[Extracted records]
>>

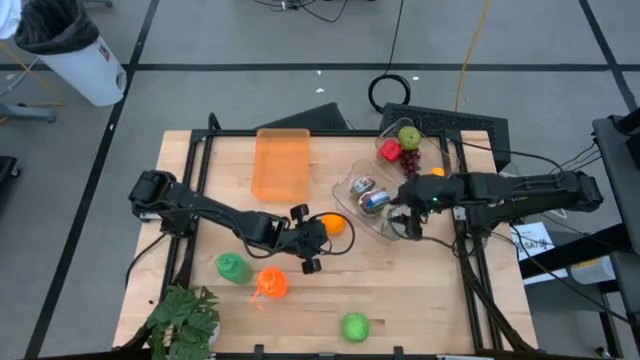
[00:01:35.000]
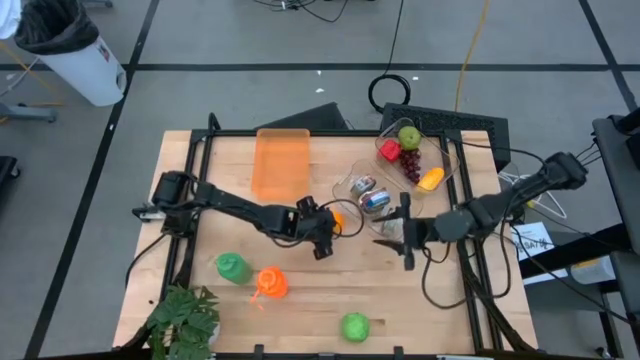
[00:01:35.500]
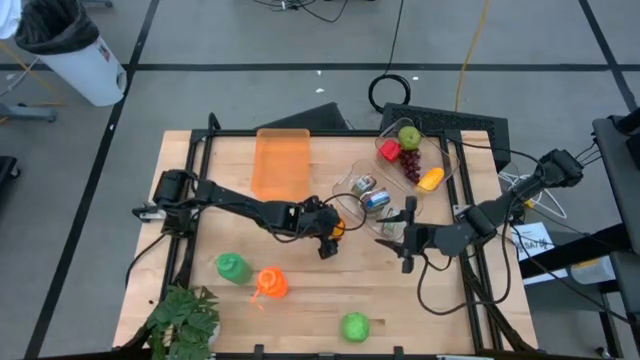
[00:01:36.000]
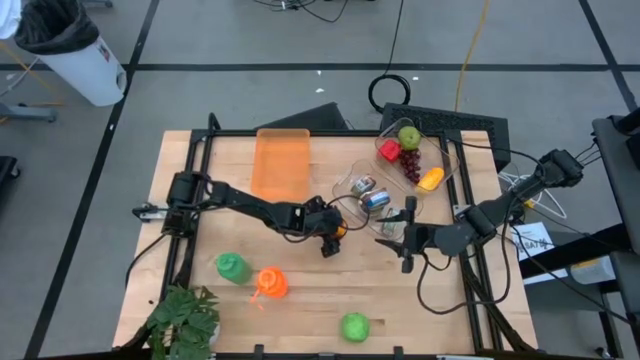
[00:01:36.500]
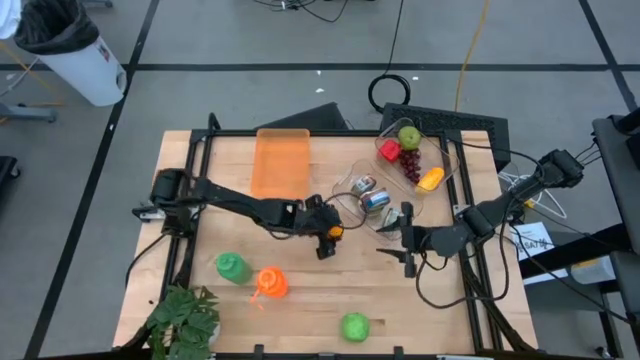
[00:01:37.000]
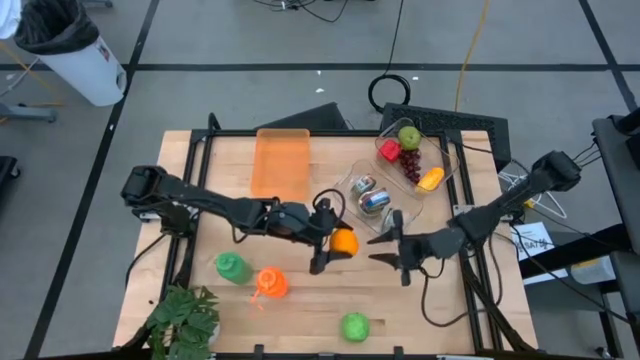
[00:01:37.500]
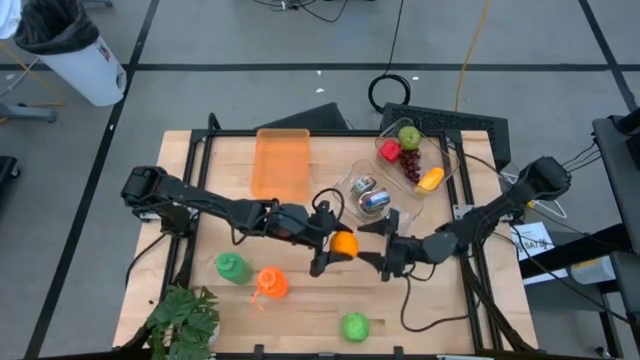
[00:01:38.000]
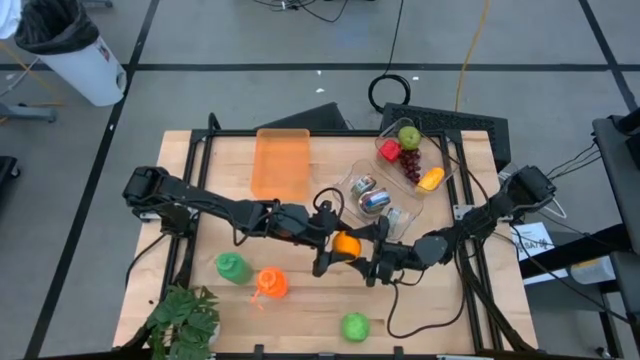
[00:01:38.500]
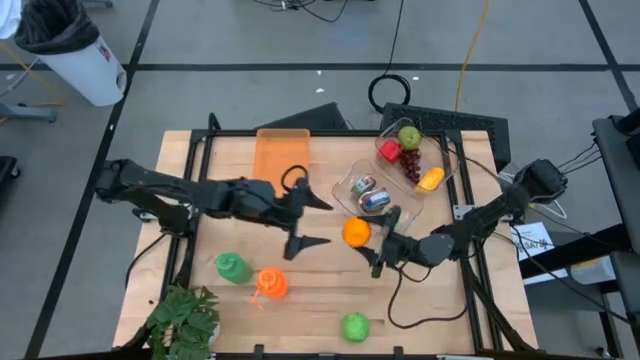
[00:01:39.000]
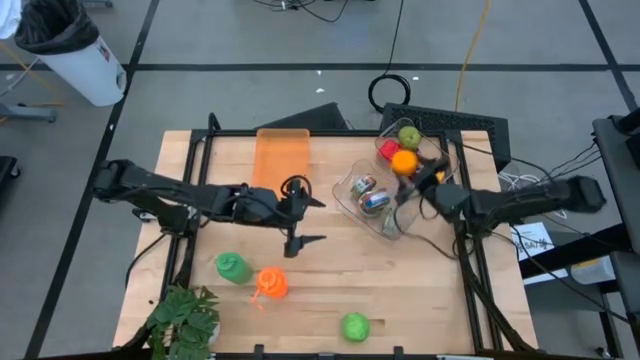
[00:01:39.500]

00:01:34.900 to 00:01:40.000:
Task: Pick & Place Food Item
Put the orange into the right transparent bin

<<

Assigned task
Could you repeat all of the entries exactly, without the pictures?

Answer to the exercise
[00:01:35.000]
[00:01:35.500]
[00:01:36.000]
[00:01:36.500]
[00:01:37.000]
[00:01:37.500]
[00:01:38.000]
[00:01:38.500]
[00:01:39.000]
[00:01:39.500]

00:01:34.900 to 00:01:40.000:
Task: Pick & Place Food Item
Put the orange into the right transparent bin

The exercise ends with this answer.